## The task
With the images removed, write out every line below exactly.

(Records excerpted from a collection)
------------
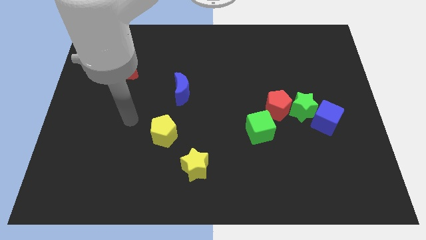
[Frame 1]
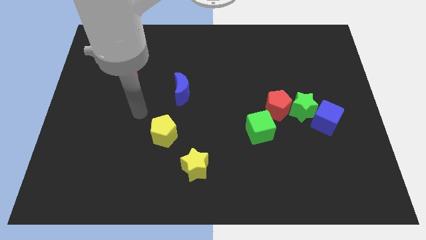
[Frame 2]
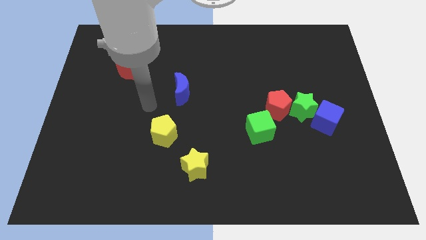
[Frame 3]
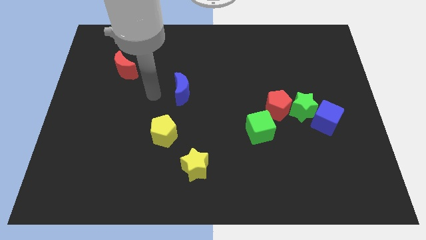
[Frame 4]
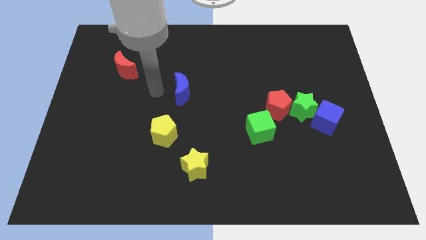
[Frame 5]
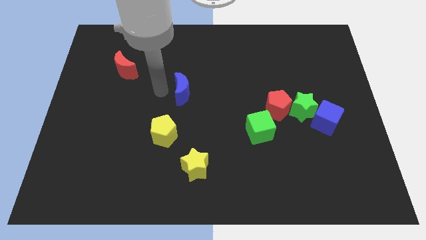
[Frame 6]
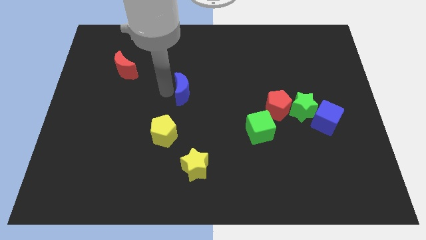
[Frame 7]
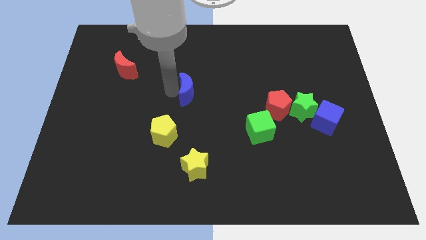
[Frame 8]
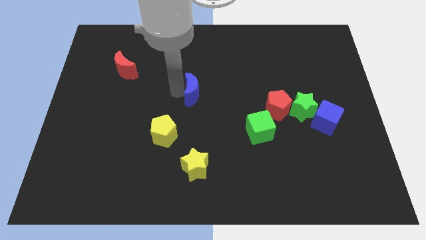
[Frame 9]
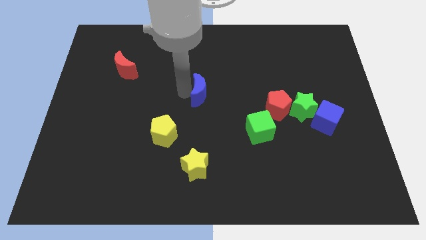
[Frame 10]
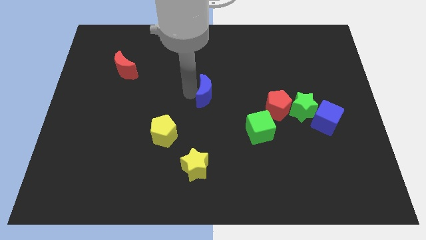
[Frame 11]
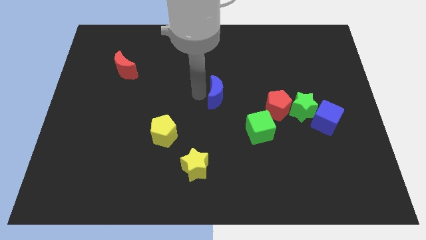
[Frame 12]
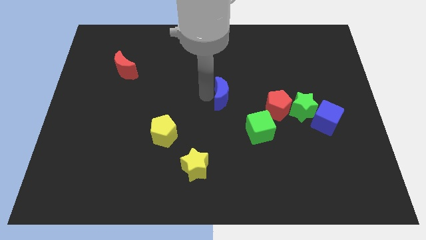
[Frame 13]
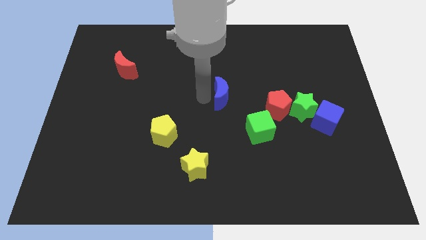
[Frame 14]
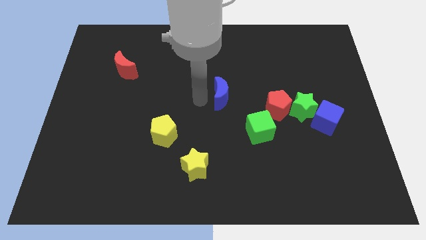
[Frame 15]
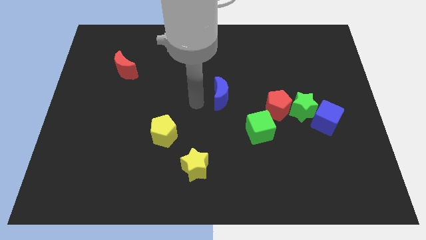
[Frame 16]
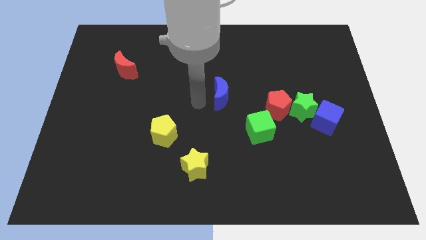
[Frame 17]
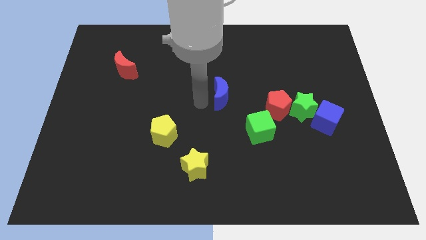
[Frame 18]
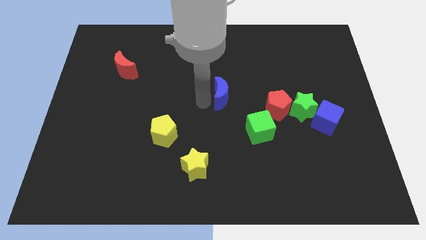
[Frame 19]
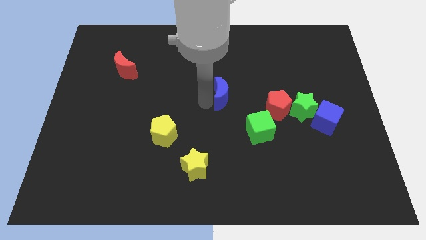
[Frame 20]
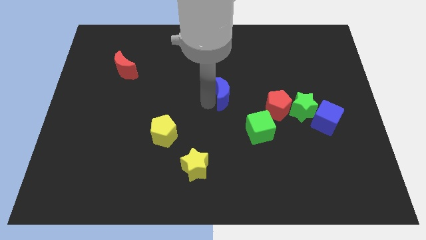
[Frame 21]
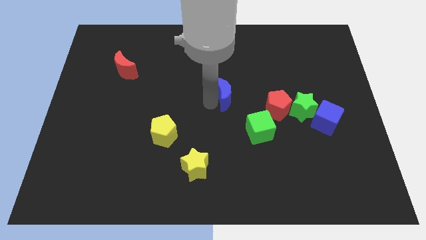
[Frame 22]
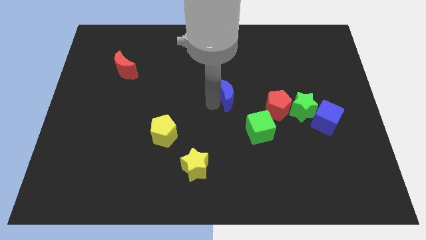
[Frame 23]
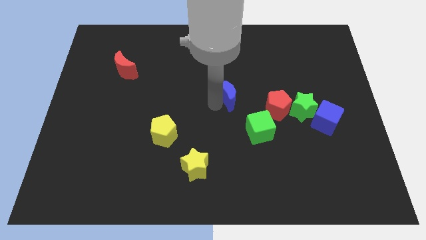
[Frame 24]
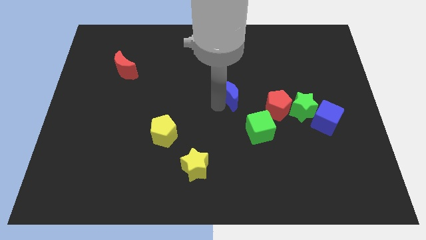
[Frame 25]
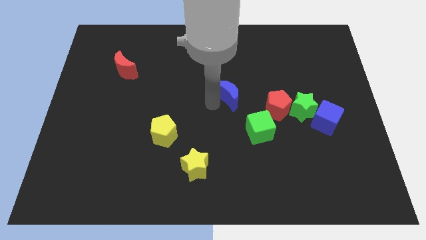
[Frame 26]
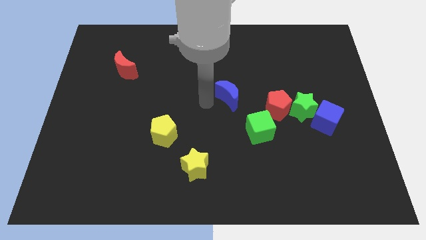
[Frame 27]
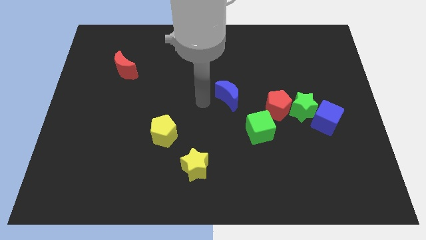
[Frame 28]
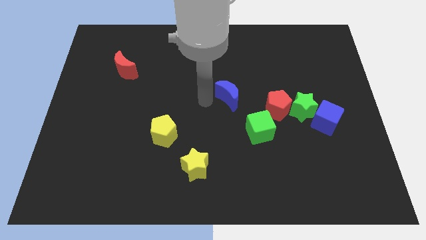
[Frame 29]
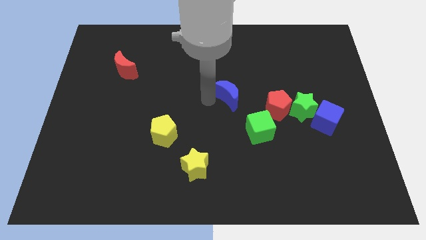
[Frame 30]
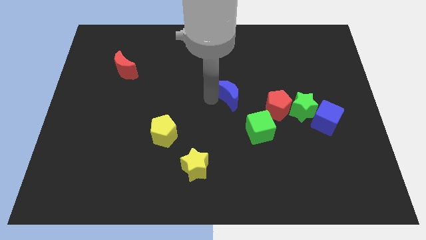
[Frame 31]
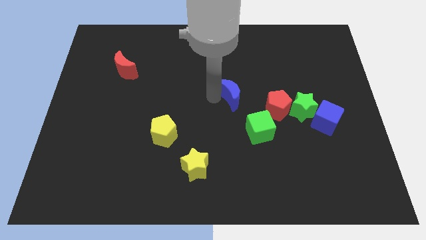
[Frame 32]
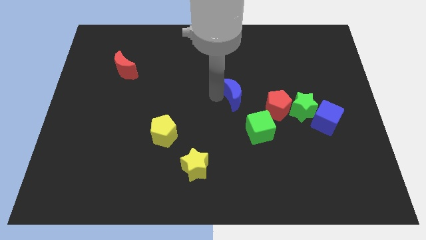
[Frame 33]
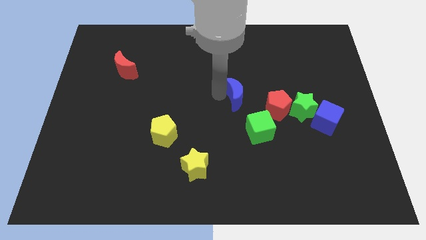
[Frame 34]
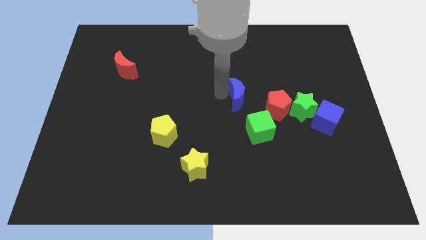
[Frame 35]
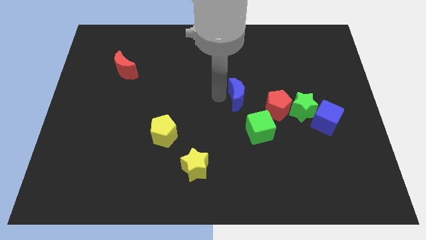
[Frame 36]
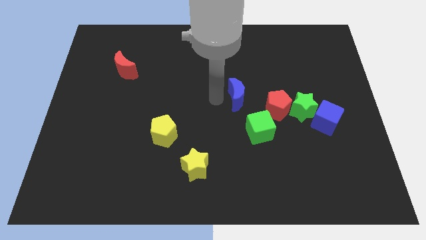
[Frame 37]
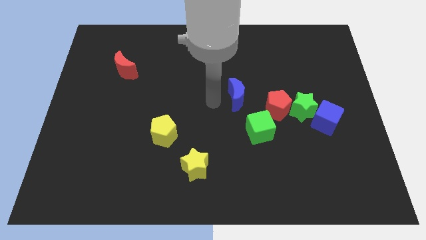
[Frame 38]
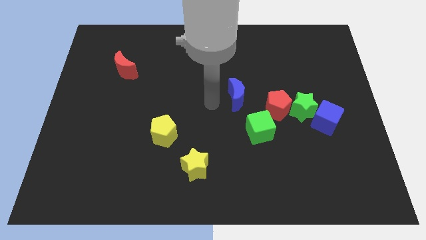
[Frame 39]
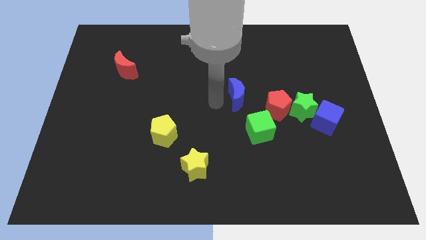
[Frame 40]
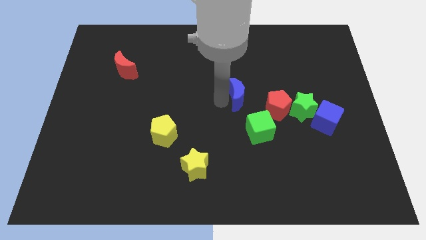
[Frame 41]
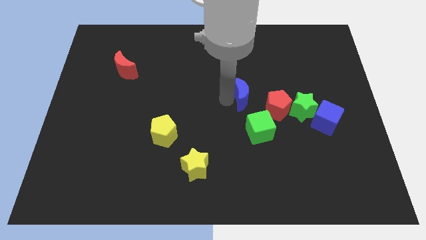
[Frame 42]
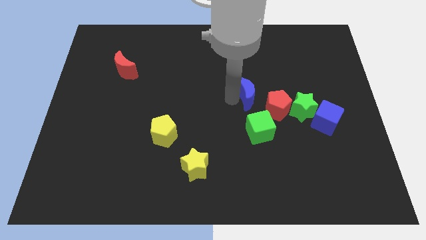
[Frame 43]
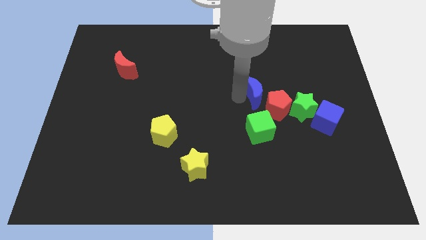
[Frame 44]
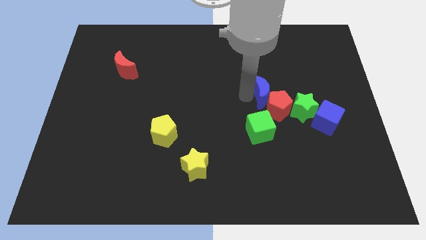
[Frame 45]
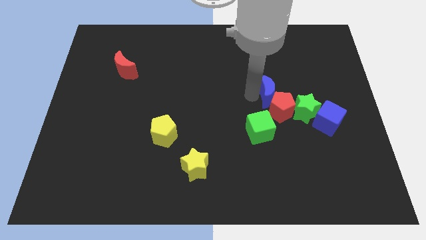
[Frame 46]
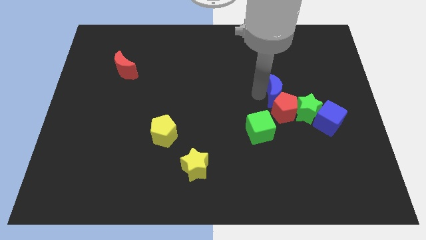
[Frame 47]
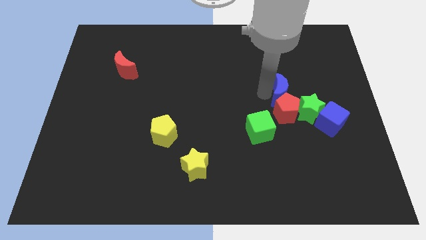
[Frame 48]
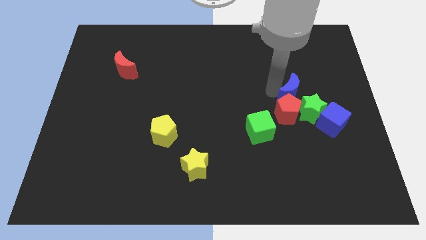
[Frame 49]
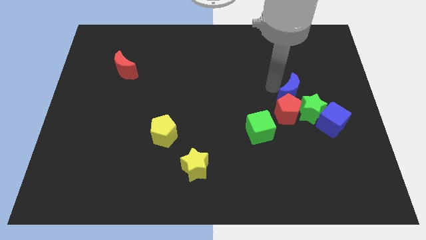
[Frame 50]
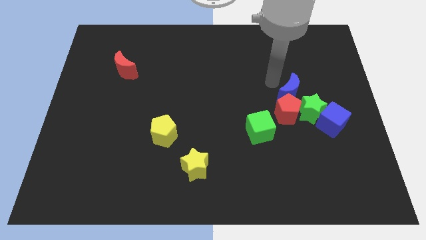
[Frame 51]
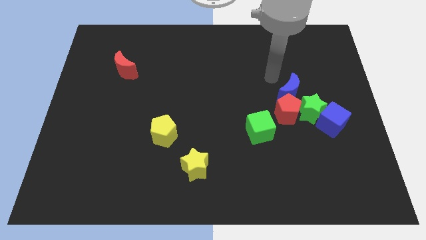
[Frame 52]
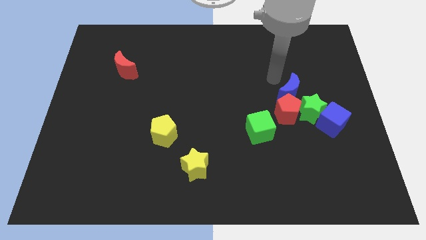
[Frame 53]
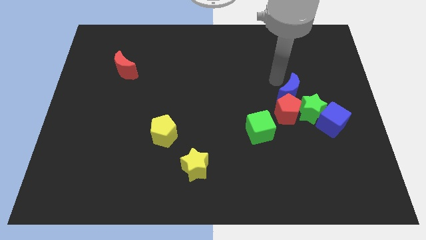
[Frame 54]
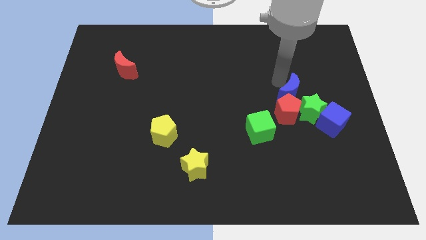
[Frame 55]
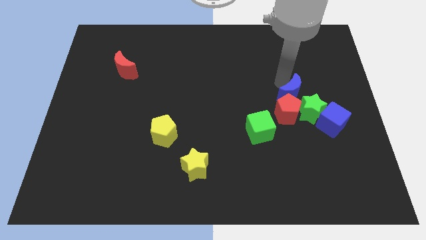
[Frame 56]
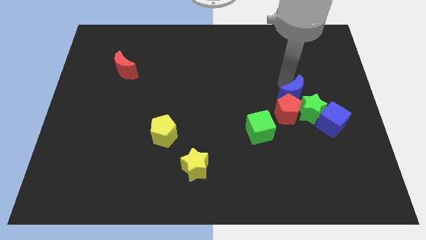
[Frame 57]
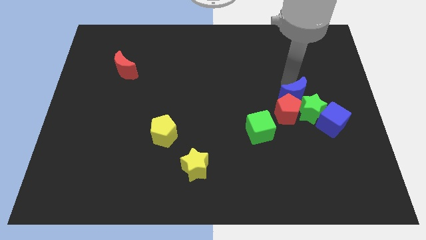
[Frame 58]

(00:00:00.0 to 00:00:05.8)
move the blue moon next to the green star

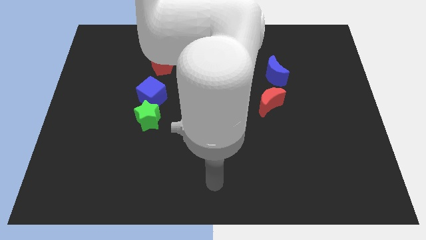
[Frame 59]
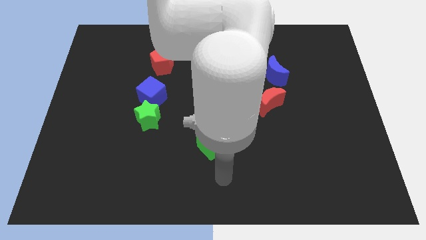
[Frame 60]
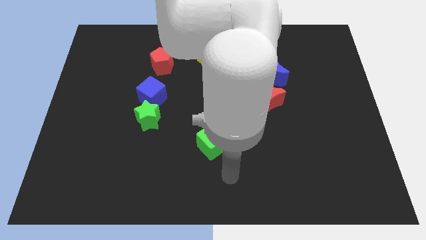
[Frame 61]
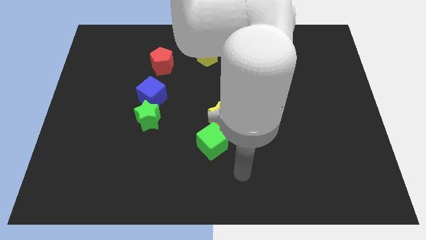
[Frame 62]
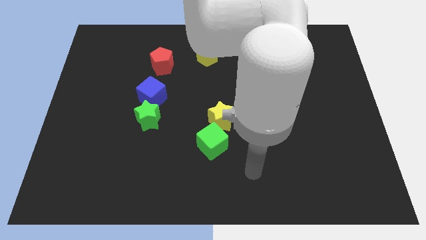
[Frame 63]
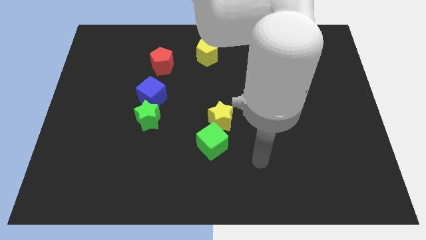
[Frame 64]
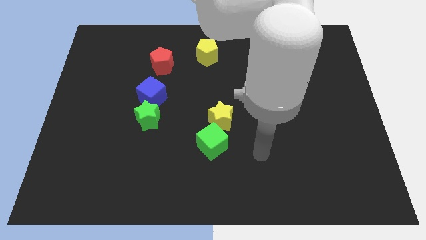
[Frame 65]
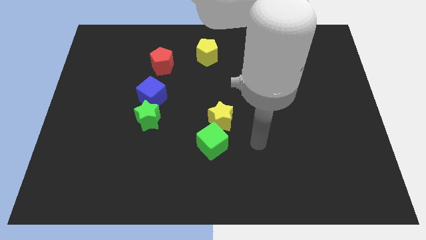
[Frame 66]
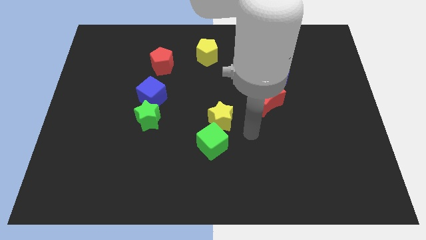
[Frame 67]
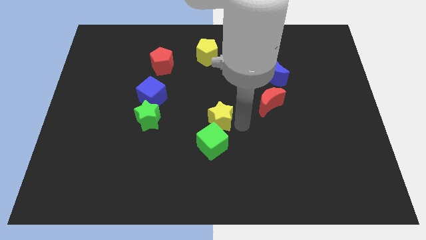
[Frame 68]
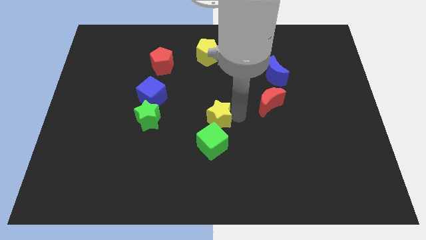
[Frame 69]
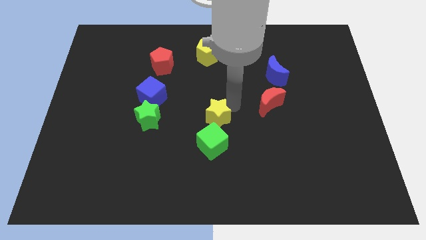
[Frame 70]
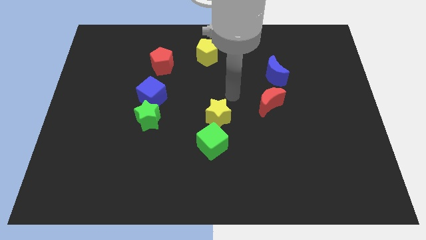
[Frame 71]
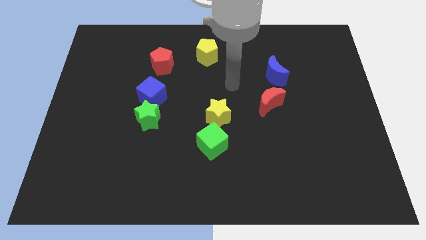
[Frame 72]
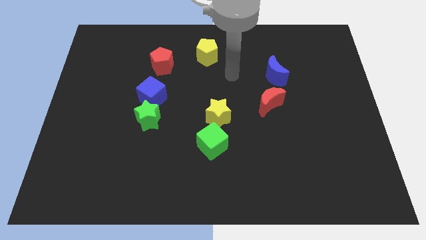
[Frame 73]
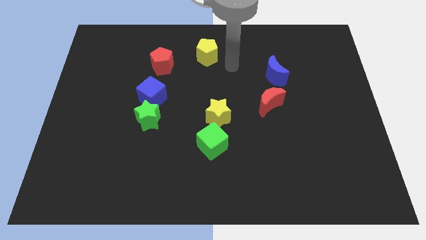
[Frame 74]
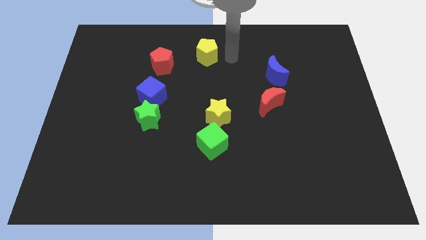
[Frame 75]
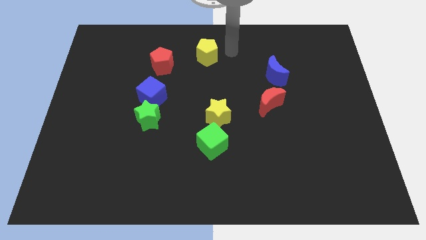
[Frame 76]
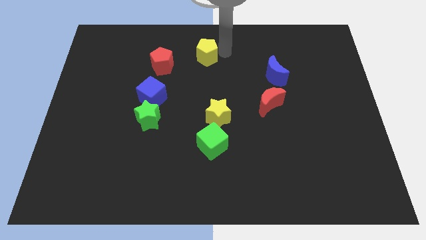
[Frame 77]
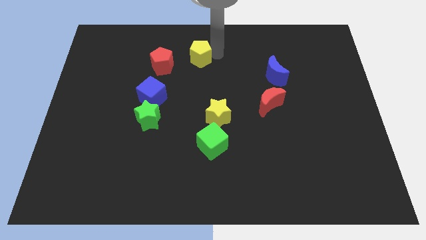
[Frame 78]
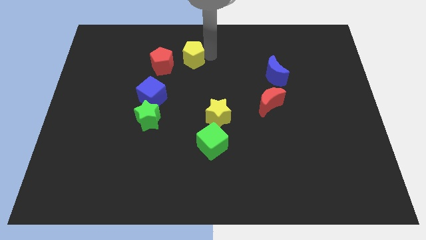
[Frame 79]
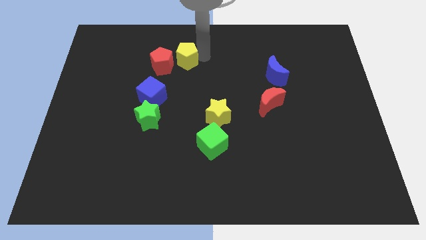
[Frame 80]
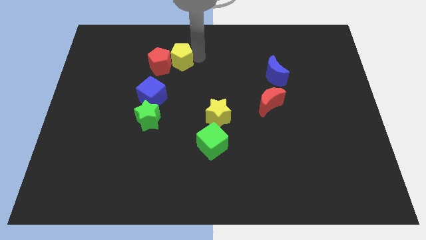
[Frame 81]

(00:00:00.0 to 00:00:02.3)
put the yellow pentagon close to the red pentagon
------------
## Exercise result
[Frame 1]
[Frame 2]
[Frame 3]
[Frame 4]
[Frame 5]
[Frame 6]
[Frame 7]
[Frame 8]
[Frame 9]
[Frame 10]
[Frame 11]
[Frame 12]
[Frame 13]
[Frame 14]
[Frame 15]
[Frame 16]
[Frame 17]
[Frame 18]
[Frame 19]
[Frame 20]
[Frame 21]
[Frame 22]
[Frame 23]
[Frame 24]
[Frame 25]
[Frame 26]
[Frame 27]
[Frame 28]
[Frame 29]
[Frame 30]
[Frame 31]
[Frame 32]
[Frame 33]
[Frame 34]
[Frame 35]
[Frame 36]
[Frame 37]
[Frame 38]
[Frame 39]
[Frame 40]
[Frame 41]
[Frame 42]
[Frame 43]
[Frame 44]
[Frame 45]
[Frame 46]
[Frame 47]
[Frame 48]
[Frame 49]
[Frame 50]
[Frame 51]
[Frame 52]
[Frame 53]
[Frame 54]
[Frame 55]
[Frame 56]
[Frame 57]
[Frame 58]

(00:00:00.0 to 00:00:05.8)
move the blue moon next to the green star

[Frame 59]
[Frame 60]
[Frame 61]
[Frame 62]
[Frame 63]
[Frame 64]
[Frame 65]
[Frame 66]
[Frame 67]
[Frame 68]
[Frame 69]
[Frame 70]
[Frame 71]
[Frame 72]
[Frame 73]
[Frame 74]
[Frame 75]
[Frame 76]
[Frame 77]
[Frame 78]
[Frame 79]
[Frame 80]
[Frame 81]

(00:00:00.0 to 00:00:02.3)
put the yellow pentagon close to the red pentagon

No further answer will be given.